**What you need to do:** Identify all lines of the data containing the string "file" and copy them.

*** Opening Material to process ***

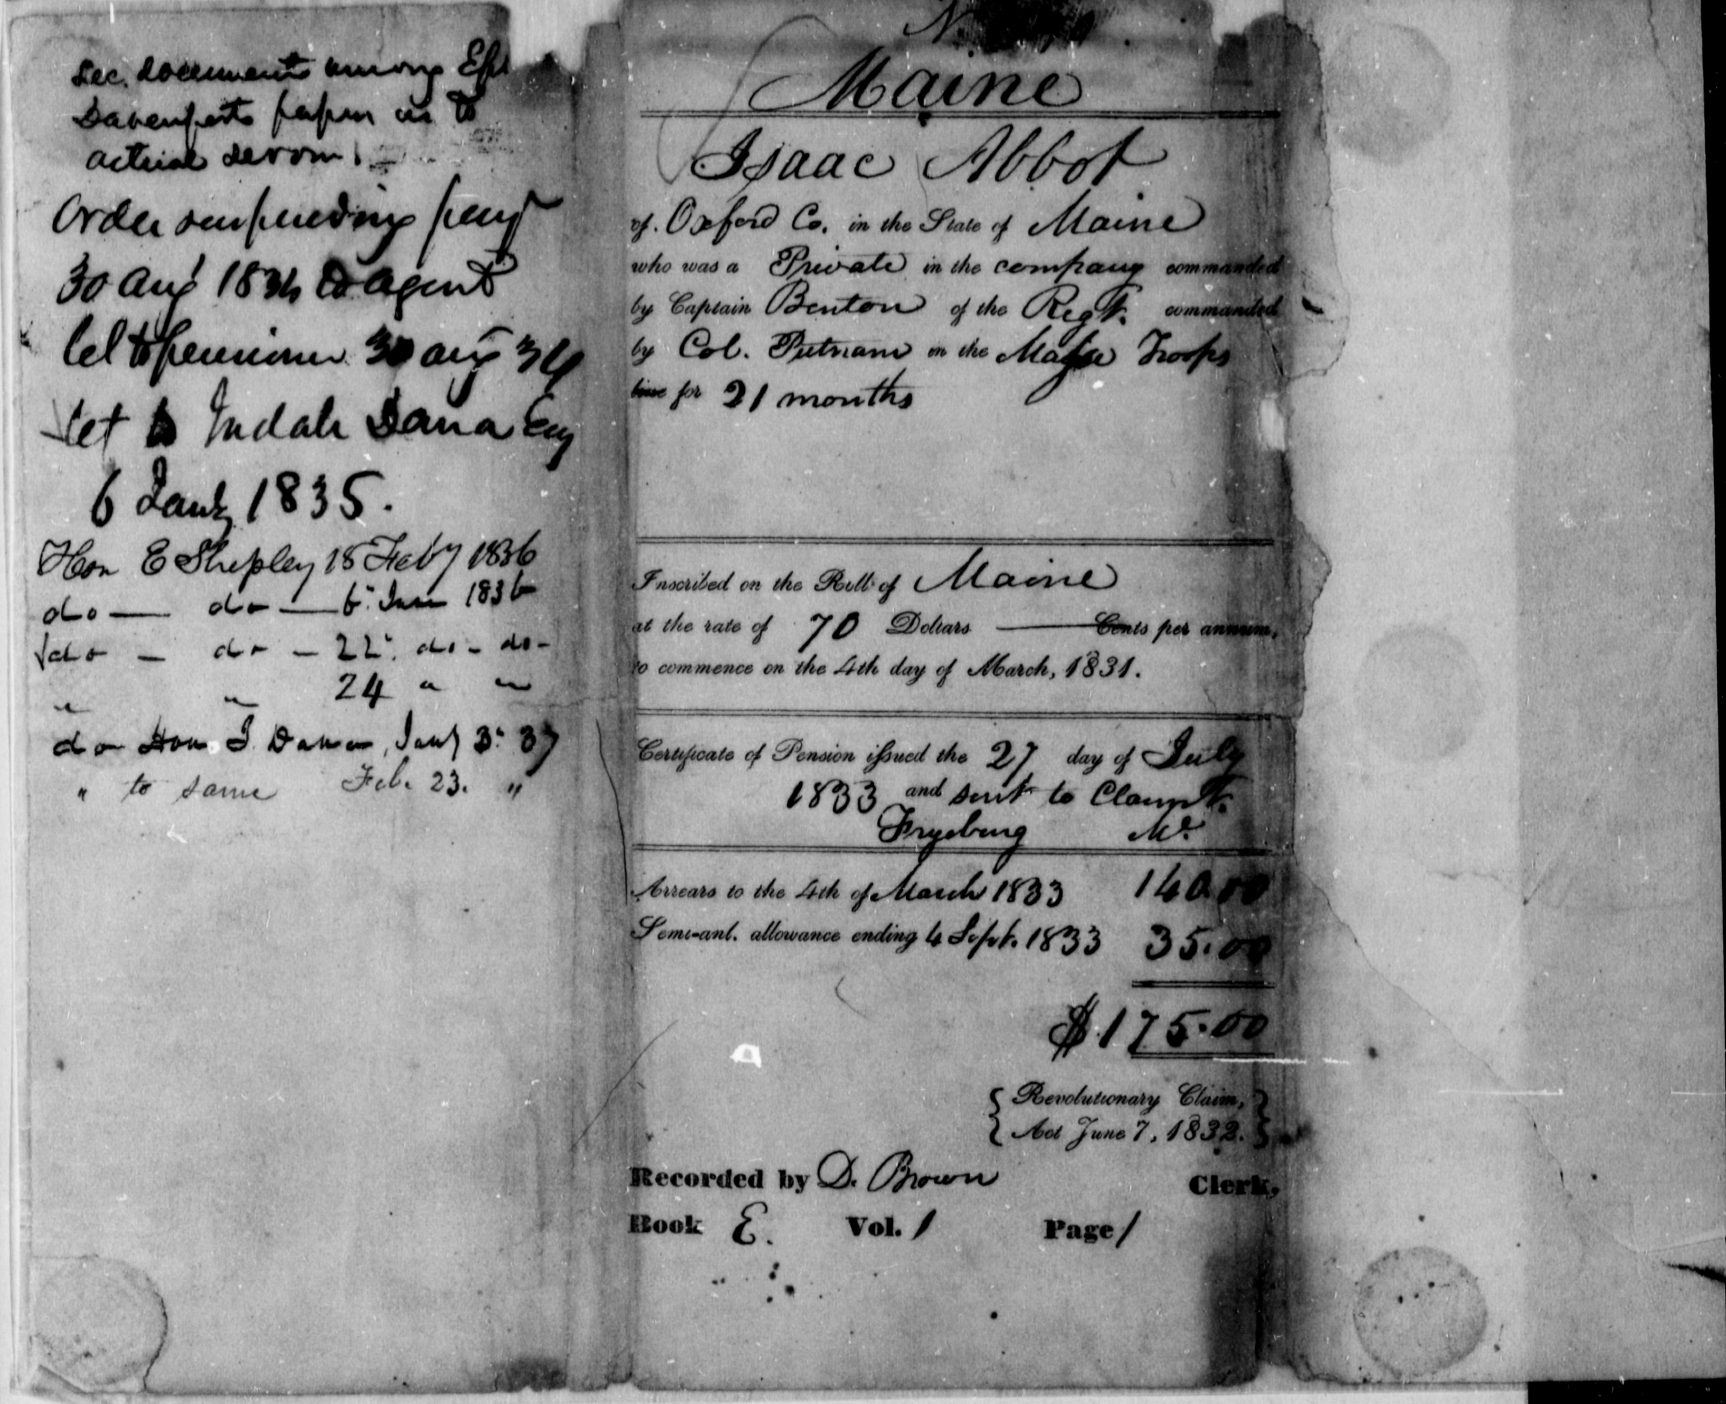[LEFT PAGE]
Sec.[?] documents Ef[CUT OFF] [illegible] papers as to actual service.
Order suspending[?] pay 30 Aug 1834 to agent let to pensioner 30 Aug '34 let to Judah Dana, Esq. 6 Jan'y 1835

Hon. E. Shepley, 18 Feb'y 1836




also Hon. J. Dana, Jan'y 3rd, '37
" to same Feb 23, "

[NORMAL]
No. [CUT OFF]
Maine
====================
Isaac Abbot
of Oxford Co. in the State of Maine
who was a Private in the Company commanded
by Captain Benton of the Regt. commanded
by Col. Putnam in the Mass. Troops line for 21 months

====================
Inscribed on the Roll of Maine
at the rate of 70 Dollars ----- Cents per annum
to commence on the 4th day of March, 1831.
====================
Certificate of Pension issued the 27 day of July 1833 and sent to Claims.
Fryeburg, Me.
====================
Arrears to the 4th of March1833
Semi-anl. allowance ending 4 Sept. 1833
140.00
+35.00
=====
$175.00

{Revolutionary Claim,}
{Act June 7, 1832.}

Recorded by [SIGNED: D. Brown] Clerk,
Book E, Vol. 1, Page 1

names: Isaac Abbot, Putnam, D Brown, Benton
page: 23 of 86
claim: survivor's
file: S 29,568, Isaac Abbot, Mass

*** Closing Material to process ***
*** Opening Material to process ***

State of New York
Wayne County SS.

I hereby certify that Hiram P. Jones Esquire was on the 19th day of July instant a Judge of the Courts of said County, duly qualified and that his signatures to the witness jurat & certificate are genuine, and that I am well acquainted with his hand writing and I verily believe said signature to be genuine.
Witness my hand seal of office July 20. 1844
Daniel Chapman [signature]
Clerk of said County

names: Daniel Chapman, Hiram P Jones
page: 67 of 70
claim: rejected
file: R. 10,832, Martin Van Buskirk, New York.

*** Closing Material to process ***

**Exercise response:**
file: S 29,568, Isaac Abbot, Mass
file: R. 10,832, Martin Van Buskirk, New York.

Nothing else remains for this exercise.